Halloween Haunt Slideshow by firefighter_raven | Photobucket


----------



## bobzilla (Nov 13, 2008)

Oh wow, nice haunt!


----------



## IMU (Apr 8, 2009)

Very nice indeed.


----------



## matrixmom (Aug 20, 2011)

looking good.....any night shots?


----------



## tjc67 (Jul 28, 2013)

Just the couple that are in there. I'd planned to get some video later but back pain nixed that idea.


----------



## RoxyBlue (Oct 6, 2008)

Hey, isn't using a rope to help someone reach the basketball hoop cheating?
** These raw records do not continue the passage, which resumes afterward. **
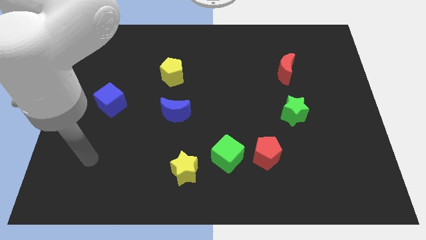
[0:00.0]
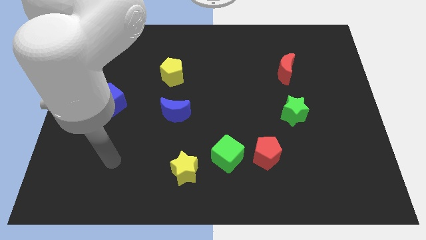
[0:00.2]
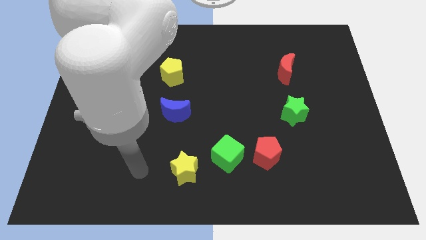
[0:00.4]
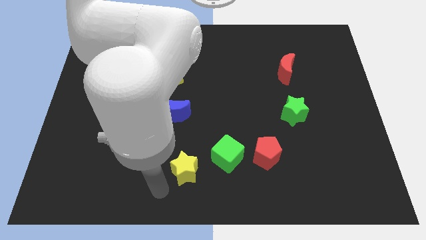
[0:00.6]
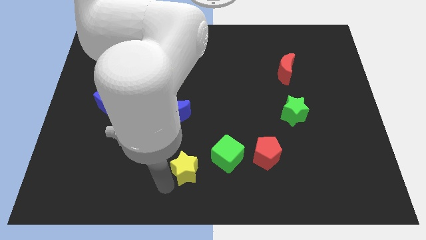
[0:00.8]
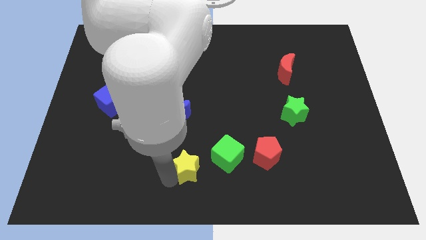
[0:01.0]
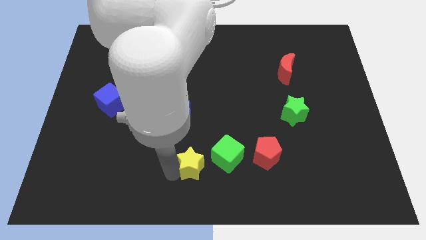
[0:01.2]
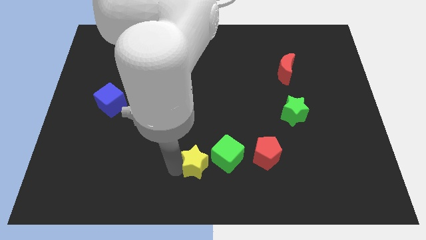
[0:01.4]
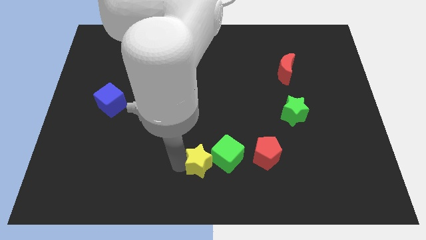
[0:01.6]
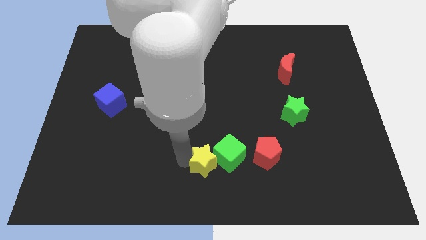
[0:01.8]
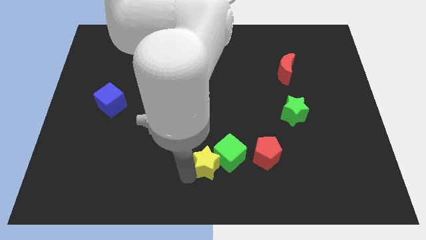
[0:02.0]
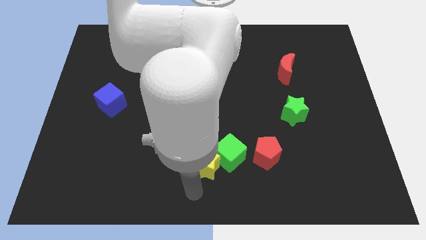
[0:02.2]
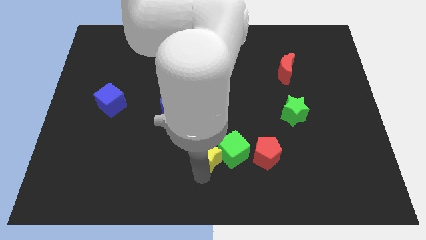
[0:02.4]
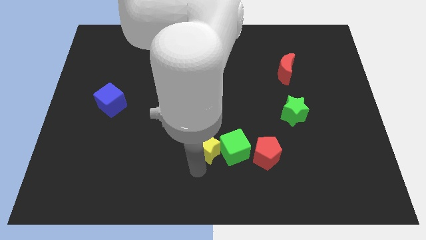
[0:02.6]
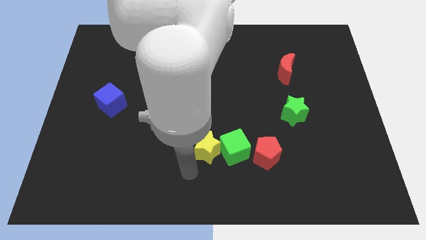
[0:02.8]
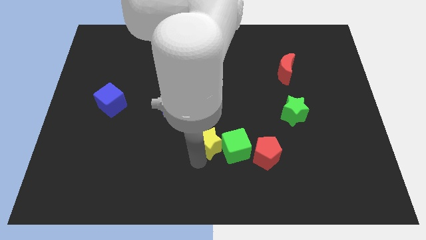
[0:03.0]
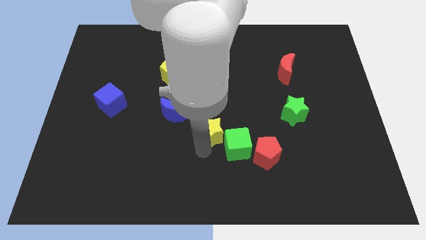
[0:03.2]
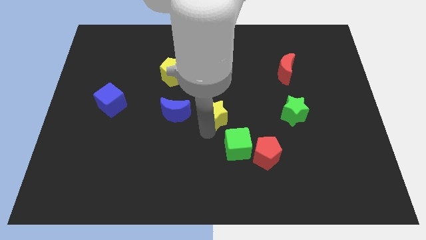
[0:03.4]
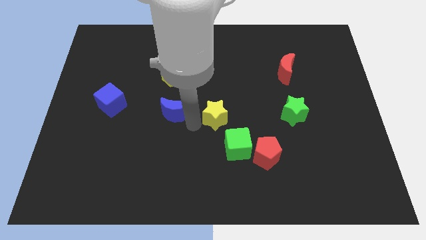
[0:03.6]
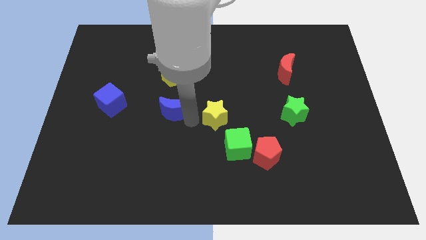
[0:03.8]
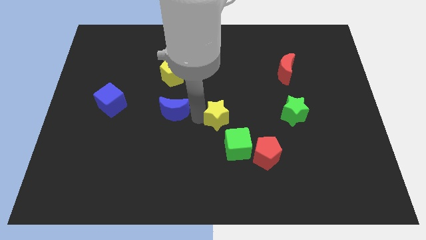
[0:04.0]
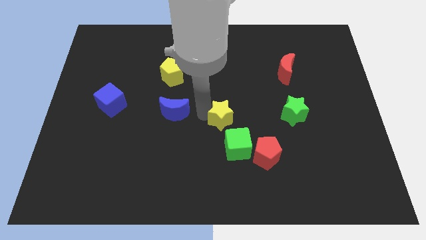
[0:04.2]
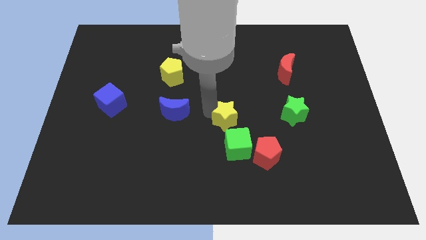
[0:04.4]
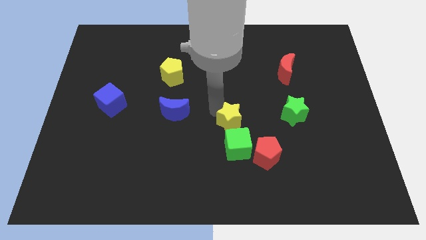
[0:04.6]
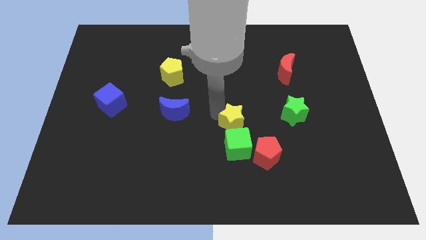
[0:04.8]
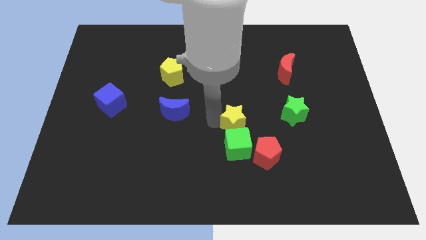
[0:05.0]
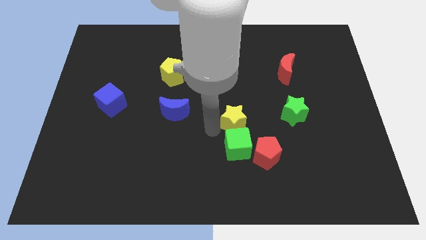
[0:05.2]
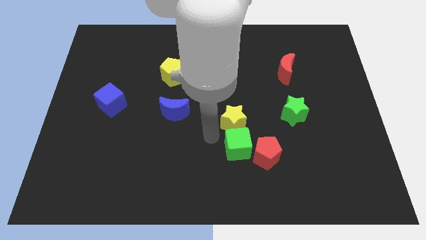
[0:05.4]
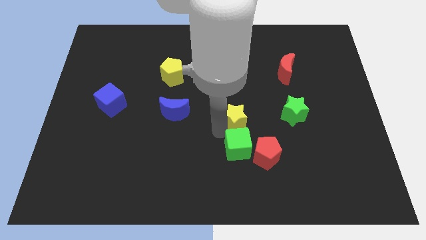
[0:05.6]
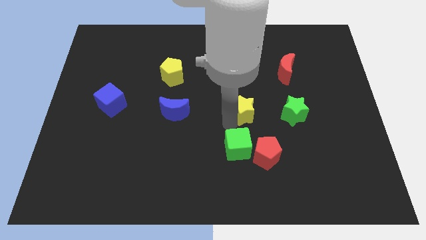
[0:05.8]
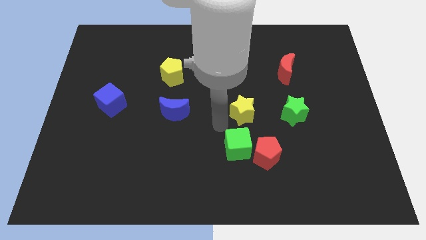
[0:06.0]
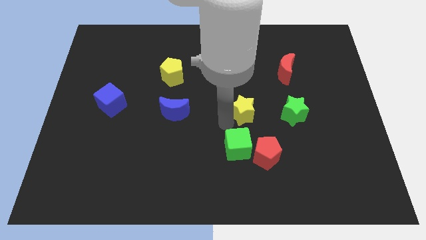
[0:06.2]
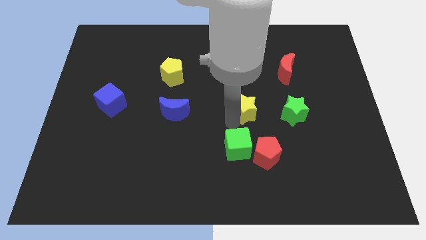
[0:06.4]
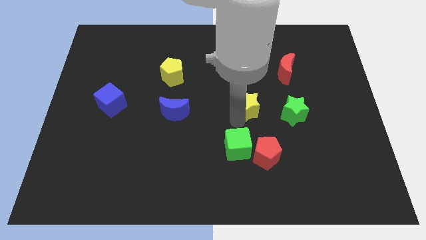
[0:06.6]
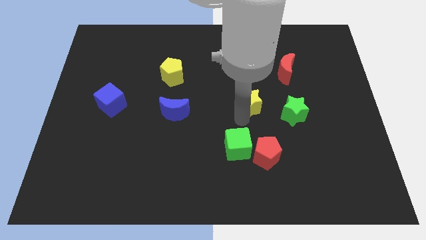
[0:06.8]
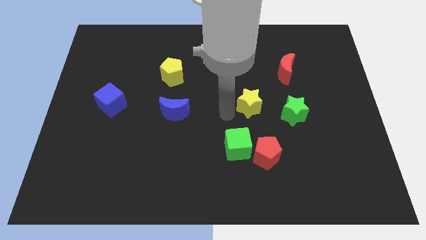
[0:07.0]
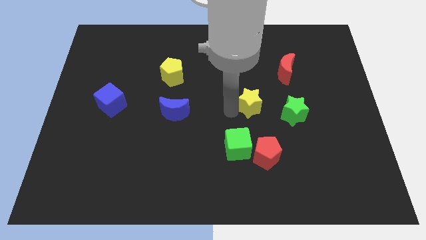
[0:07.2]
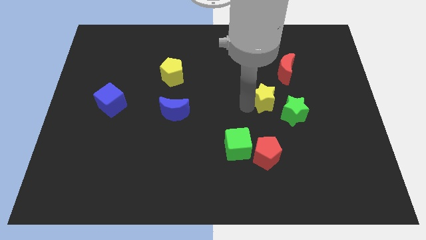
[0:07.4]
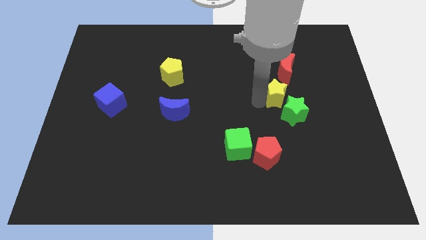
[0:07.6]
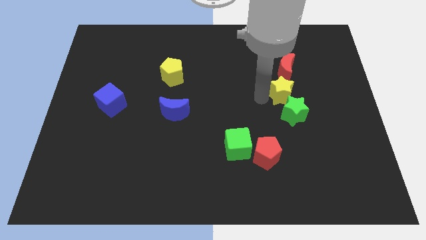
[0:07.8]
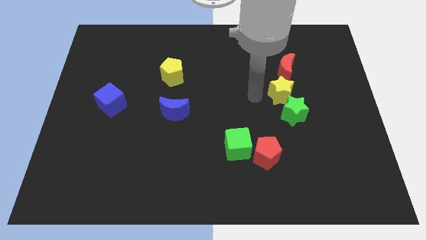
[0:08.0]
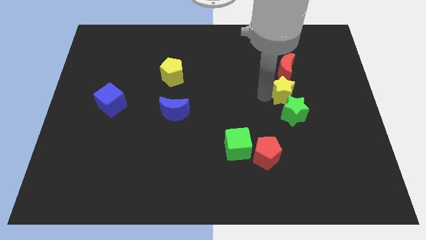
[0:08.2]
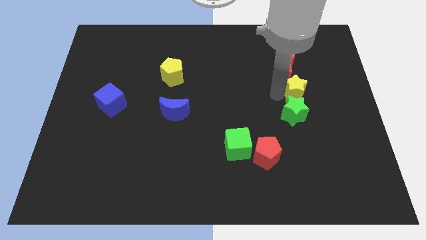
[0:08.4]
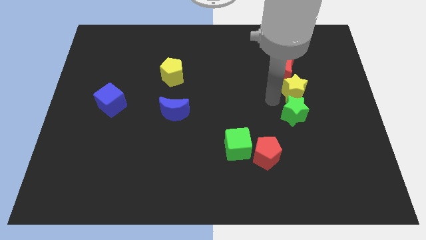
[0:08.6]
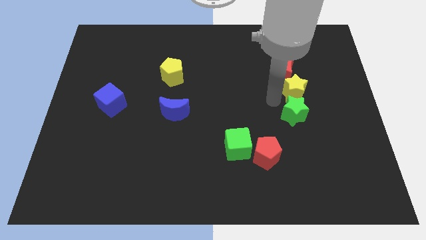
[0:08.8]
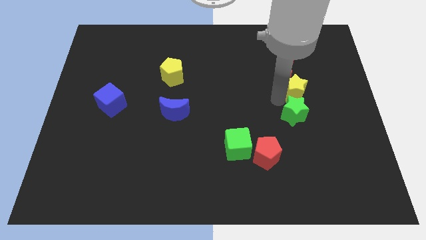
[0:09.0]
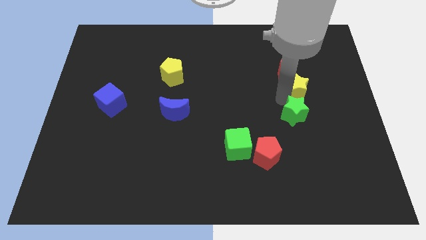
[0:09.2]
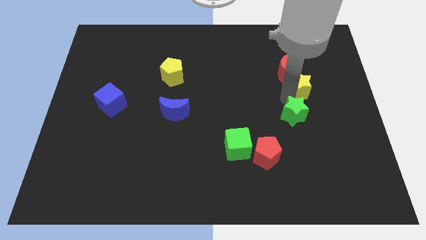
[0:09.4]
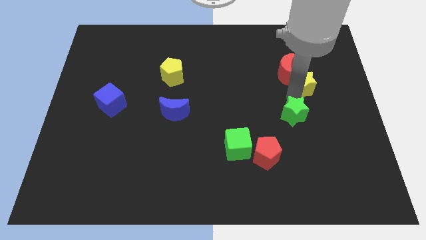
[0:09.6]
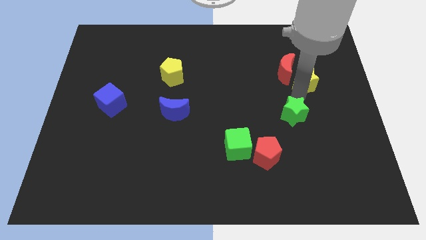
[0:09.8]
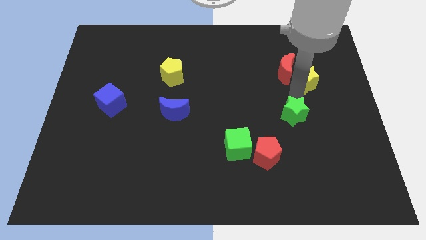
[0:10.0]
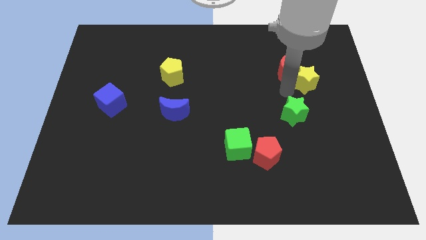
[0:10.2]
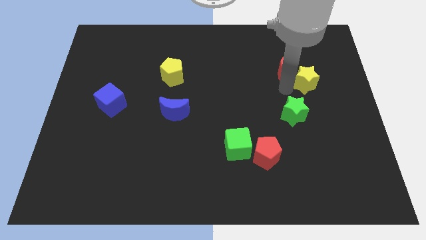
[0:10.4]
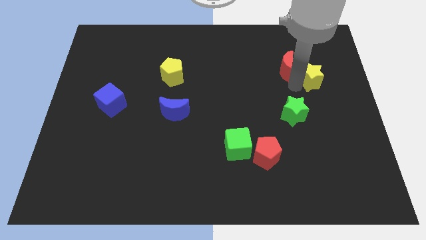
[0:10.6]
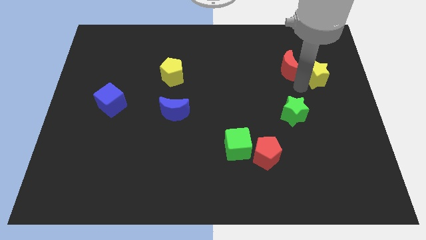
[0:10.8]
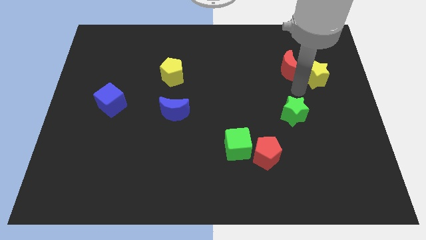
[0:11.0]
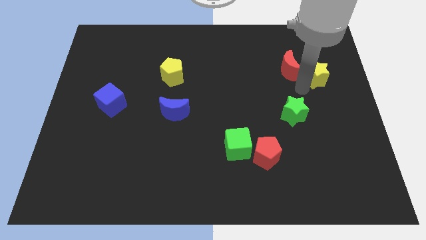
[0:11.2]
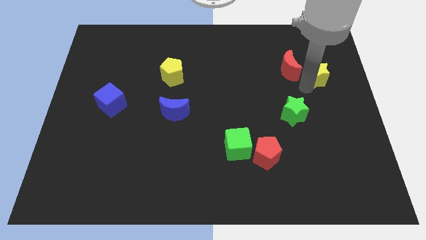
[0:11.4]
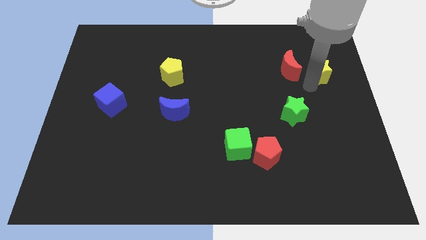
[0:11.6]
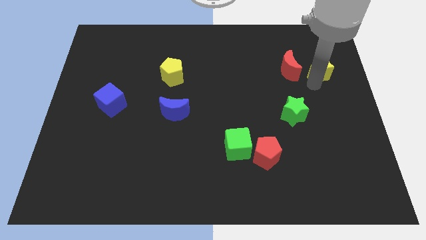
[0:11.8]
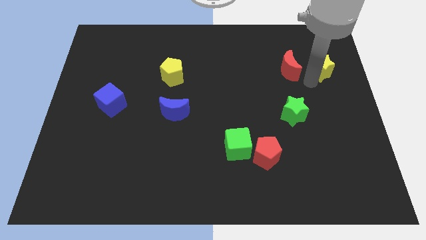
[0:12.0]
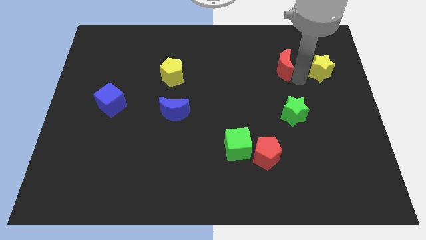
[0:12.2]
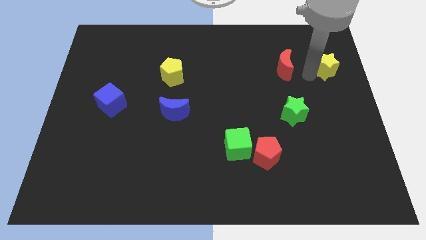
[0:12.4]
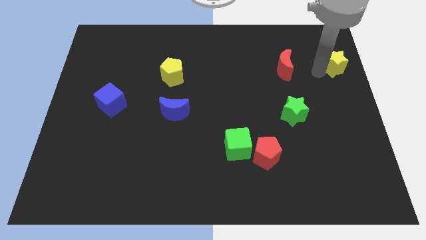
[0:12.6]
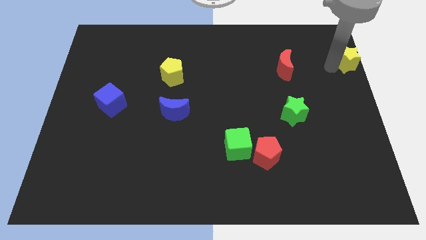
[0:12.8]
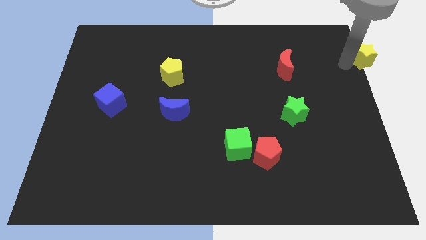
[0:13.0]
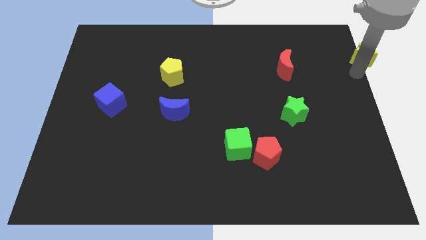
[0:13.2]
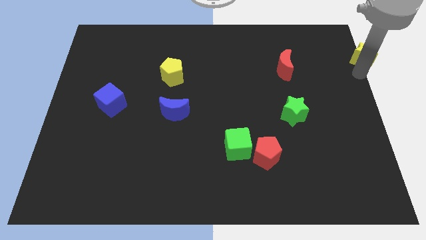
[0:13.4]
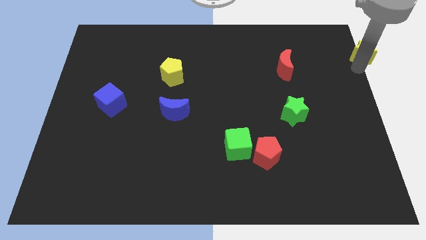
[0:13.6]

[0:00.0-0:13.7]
move the yellow star to the upper right corner

I don't know if you did it on purpose, but the yard where the tombstones are has a really nice scruffy look that makes the area look like a long forgotten cemetery.


----------



## tjc67 (Jul 28, 2013)

I wish it was on purpose lol. It's mostly a mix of living in a high desert area without in ground sprinklers and physical limitations keeping me from spending the time I used to on maintenance. 
I'm happy with how the skeletons turned out since it was a last minute idea. And the one holding the rope that looks like he is laughing was unintentional, the jaw was loose but I really liked how it looked.


----------



## Beadchaser (Nov 2, 2015)

Love the wood boxes between the fence- are they storage containers or ??


----------



## tjc67 (Jul 28, 2013)

Right now they are just columns but I'm hoping to redo them (tried saving money by using the thinner plywood and just not holding up) and I plan on making them able to store stuff like the smaller columns.
I'd also like to replace the corner driveway columns with ones big enough for a drop scare or something similar.

I do need to figure out a better lighting setup since one of the lights pretty much drowned out the rotating spider light that added this year.


----------